*WORK INSTRUCTION:* Omit the pictures, then reproduce every remaining record exactly.

*MATERIAL TO PROCESS:*
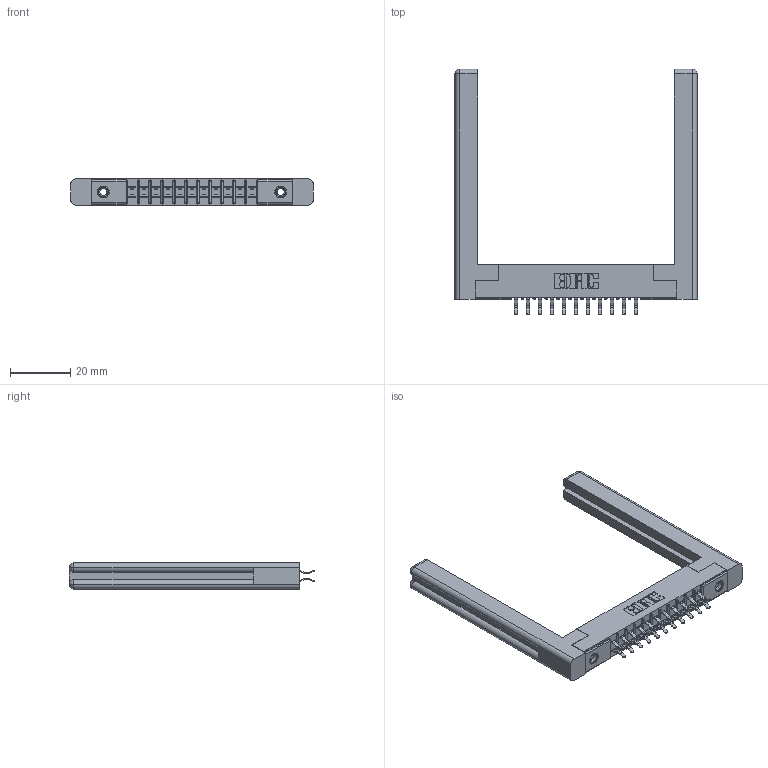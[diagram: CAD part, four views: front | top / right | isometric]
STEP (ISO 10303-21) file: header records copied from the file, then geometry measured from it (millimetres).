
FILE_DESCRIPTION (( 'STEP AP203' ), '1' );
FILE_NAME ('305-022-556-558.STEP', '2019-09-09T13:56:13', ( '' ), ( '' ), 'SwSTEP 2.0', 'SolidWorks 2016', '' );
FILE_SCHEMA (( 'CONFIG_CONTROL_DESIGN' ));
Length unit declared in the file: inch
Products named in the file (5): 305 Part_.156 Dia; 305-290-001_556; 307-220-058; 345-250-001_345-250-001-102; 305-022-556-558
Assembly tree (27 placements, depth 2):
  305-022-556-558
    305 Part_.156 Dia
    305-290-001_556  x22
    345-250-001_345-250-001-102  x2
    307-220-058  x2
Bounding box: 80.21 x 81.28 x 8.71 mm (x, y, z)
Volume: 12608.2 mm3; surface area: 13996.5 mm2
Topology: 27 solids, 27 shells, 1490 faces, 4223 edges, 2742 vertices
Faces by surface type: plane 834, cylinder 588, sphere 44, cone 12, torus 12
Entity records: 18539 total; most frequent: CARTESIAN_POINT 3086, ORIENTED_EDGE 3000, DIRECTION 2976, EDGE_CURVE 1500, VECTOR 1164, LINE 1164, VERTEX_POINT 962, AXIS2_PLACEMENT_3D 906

*EXPECTED ANSWER:*
[diagram: CAD part, four views: front | top / right | isometric]
STEP (ISO 10303-21) file: header records copied from the file, then geometry measured from it (millimetres).
FILE_DESCRIPTION (( 'STEP AP203' ), '1' );
FILE_NAME ('305-022-556-558.STEP', '2019-09-09T13:56:13', ( '' ), ( '' ), 'SwSTEP 2.0', 'SolidWorks 2016', '' );
FILE_SCHEMA (( 'CONFIG_CONTROL_DESIGN' ));
Length unit declared in the file: inch
Products named in the file (5): 305 Part_.156 Dia; 305-290-001_556; 307-220-058; 345-250-001_345-250-001-102; 305-022-556-558
Assembly tree (27 placements, depth 2):
  305-022-556-558
    305 Part_.156 Dia
    305-290-001_556  x22
    345-250-001_345-250-001-102  x2
    307-220-058  x2
Bounding box: 80.21 x 81.28 x 8.71 mm (x, y, z)
Volume: 12608.2 mm3; surface area: 13996.5 mm2
Topology: 27 solids, 27 shells, 1490 faces, 4223 edges, 2742 vertices
Faces by surface type: plane 834, cylinder 588, sphere 44, cone 12, torus 12
Entity records: 18539 total; most frequent: CARTESIAN_POINT 3086, ORIENTED_EDGE 3000, DIRECTION 2976, EDGE_CURVE 1500, VECTOR 1164, LINE 1164, VERTEX_POINT 962, AXIS2_PLACEMENT_3D 906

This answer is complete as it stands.